[Excerpted records]
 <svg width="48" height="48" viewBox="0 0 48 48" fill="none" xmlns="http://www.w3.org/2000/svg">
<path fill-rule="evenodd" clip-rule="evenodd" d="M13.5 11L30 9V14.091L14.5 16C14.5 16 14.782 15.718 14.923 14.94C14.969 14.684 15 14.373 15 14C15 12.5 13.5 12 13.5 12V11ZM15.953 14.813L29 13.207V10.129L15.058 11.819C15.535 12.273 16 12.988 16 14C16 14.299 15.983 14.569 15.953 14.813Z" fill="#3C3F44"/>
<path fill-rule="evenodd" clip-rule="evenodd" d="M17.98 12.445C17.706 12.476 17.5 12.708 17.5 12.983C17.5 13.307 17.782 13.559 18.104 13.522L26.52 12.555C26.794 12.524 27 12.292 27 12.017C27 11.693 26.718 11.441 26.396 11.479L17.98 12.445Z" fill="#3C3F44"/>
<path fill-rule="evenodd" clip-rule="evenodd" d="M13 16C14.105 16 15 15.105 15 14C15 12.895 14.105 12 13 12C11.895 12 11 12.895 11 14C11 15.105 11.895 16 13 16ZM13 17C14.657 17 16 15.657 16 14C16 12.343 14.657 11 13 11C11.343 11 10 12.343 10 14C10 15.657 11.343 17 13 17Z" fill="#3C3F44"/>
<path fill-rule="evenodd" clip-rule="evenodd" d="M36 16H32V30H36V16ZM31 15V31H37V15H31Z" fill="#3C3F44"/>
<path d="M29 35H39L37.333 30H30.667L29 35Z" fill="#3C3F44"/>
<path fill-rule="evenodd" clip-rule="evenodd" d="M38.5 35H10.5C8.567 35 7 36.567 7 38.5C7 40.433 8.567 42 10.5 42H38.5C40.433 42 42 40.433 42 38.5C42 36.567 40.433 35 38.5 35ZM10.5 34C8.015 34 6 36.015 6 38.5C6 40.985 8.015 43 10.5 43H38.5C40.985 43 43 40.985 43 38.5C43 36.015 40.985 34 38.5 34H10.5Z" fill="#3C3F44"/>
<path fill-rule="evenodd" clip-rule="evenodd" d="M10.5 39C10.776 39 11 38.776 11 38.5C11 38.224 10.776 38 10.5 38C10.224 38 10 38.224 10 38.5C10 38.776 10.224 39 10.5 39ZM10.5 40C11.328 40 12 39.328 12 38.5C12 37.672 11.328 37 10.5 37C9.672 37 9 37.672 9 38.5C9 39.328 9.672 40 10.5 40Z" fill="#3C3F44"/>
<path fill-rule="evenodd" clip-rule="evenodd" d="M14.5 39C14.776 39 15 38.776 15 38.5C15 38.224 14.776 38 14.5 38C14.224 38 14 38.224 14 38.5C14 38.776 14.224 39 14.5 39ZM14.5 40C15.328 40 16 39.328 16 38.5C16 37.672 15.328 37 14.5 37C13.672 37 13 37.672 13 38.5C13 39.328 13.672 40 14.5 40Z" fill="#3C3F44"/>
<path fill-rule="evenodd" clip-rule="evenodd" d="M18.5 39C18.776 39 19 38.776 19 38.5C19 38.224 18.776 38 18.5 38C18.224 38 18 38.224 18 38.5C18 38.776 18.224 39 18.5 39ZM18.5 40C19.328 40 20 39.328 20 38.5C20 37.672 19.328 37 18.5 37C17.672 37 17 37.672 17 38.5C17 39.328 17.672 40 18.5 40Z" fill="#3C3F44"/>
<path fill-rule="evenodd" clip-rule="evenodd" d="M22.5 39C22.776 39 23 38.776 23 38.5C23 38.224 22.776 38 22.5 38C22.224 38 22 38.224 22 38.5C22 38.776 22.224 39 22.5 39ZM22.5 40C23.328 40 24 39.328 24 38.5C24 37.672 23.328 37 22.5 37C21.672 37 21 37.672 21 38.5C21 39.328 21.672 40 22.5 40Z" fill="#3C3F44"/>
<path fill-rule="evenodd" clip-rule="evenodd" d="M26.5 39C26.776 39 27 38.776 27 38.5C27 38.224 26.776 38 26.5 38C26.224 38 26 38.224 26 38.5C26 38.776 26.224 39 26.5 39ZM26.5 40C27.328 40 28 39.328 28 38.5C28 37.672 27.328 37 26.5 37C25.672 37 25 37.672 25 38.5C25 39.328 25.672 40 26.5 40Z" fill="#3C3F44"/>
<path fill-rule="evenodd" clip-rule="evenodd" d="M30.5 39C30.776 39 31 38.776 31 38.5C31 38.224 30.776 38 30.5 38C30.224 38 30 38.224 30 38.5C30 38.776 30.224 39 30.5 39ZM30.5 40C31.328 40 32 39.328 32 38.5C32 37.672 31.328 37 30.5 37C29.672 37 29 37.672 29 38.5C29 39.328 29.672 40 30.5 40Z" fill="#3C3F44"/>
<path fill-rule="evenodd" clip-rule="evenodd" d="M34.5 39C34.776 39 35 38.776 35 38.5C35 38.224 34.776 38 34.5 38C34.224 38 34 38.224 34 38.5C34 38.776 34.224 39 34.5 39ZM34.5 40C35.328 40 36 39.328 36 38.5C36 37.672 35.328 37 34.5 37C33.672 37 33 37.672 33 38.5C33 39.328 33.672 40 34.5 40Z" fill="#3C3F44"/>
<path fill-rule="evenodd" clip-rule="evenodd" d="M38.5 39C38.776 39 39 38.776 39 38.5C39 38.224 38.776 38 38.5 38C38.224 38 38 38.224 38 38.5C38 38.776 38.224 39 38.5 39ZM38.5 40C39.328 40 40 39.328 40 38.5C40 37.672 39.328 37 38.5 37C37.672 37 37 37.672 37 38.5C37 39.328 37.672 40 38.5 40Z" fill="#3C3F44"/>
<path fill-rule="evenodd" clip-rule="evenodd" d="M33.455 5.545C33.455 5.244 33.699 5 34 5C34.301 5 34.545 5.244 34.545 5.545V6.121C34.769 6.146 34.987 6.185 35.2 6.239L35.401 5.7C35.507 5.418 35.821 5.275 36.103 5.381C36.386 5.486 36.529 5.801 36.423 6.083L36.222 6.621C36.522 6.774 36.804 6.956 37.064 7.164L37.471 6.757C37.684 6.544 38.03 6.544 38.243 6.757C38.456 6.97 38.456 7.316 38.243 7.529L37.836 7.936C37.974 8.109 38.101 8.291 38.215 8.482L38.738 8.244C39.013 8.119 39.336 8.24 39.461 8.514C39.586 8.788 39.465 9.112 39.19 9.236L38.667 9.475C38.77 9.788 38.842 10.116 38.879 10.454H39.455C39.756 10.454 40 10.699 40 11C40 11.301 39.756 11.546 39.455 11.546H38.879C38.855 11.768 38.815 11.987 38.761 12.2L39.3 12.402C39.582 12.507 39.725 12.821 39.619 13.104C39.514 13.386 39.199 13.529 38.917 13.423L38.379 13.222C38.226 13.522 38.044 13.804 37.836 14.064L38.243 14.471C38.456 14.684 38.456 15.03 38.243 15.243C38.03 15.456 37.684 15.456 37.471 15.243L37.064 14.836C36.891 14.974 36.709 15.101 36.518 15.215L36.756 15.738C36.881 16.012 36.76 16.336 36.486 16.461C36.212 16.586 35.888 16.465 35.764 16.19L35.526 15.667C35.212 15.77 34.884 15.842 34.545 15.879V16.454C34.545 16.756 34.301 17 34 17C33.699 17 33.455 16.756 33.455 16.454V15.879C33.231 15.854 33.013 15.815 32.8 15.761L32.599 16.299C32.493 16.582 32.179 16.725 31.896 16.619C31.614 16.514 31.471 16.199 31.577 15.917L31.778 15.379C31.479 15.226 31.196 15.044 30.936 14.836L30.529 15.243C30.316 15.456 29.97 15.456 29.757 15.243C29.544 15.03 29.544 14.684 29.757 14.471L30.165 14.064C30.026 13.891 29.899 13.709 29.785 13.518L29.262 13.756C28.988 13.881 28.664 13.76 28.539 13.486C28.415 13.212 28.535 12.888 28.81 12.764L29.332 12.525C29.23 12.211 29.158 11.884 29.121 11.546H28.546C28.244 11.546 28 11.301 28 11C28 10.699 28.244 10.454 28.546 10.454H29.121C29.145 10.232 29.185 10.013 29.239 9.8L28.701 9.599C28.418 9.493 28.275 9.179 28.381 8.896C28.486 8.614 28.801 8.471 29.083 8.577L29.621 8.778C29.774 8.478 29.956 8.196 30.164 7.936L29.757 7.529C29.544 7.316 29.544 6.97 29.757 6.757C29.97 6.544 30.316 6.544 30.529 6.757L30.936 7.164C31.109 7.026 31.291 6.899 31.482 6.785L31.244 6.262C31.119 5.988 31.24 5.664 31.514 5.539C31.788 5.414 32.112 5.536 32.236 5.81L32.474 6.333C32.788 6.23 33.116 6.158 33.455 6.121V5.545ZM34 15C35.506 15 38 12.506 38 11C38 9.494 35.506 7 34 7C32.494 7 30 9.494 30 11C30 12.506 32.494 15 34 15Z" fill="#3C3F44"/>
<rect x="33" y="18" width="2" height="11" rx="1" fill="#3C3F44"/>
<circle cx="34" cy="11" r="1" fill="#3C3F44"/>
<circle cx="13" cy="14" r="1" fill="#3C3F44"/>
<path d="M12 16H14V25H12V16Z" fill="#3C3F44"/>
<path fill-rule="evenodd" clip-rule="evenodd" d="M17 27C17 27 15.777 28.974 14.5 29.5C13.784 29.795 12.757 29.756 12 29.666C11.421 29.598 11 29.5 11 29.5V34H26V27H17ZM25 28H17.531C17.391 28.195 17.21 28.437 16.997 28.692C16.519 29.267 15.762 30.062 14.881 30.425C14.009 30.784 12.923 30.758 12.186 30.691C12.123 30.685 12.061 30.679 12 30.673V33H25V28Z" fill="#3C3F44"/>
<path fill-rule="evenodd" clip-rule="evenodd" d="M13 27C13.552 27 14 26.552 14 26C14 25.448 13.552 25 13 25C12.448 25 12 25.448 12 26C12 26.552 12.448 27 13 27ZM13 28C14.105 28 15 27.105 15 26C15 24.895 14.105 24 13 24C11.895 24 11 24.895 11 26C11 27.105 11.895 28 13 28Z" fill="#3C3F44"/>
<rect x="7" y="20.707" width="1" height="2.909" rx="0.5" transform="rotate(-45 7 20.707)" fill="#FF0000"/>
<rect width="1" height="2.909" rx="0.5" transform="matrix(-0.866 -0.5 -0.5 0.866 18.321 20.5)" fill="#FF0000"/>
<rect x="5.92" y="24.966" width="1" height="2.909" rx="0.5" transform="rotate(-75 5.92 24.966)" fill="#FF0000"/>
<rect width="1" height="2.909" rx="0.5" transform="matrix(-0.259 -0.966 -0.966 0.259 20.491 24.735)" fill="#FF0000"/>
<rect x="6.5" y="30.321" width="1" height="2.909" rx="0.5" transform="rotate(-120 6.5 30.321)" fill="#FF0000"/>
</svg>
[/Excerpted records]
#### What is expected:
The answer consists only of the lines from the one containing "-0.5 -0.5 0.866" to the end of the records, each written out exactly.

#### Reply to the task:
<rect width="1" height="2.909" rx="0.5" transform="matrix(-0.866 -0.5 -0.5 0.866 18.321 20.5)" fill="#FF0000"/>
<rect x="5.92" y="24.966" width="1" height="2.909" rx="0.5" transform="rotate(-75 5.92 24.966)" fill="#FF0000"/>
<rect width="1" height="2.909" rx="0.5" transform="matrix(-0.259 -0.966 -0.966 0.259 20.491 24.735)" fill="#FF0000"/>
<rect x="6.5" y="30.321" width="1" height="2.909" rx="0.5" transform="rotate(-120 6.5 30.321)" fill="#FF0000"/>
</svg>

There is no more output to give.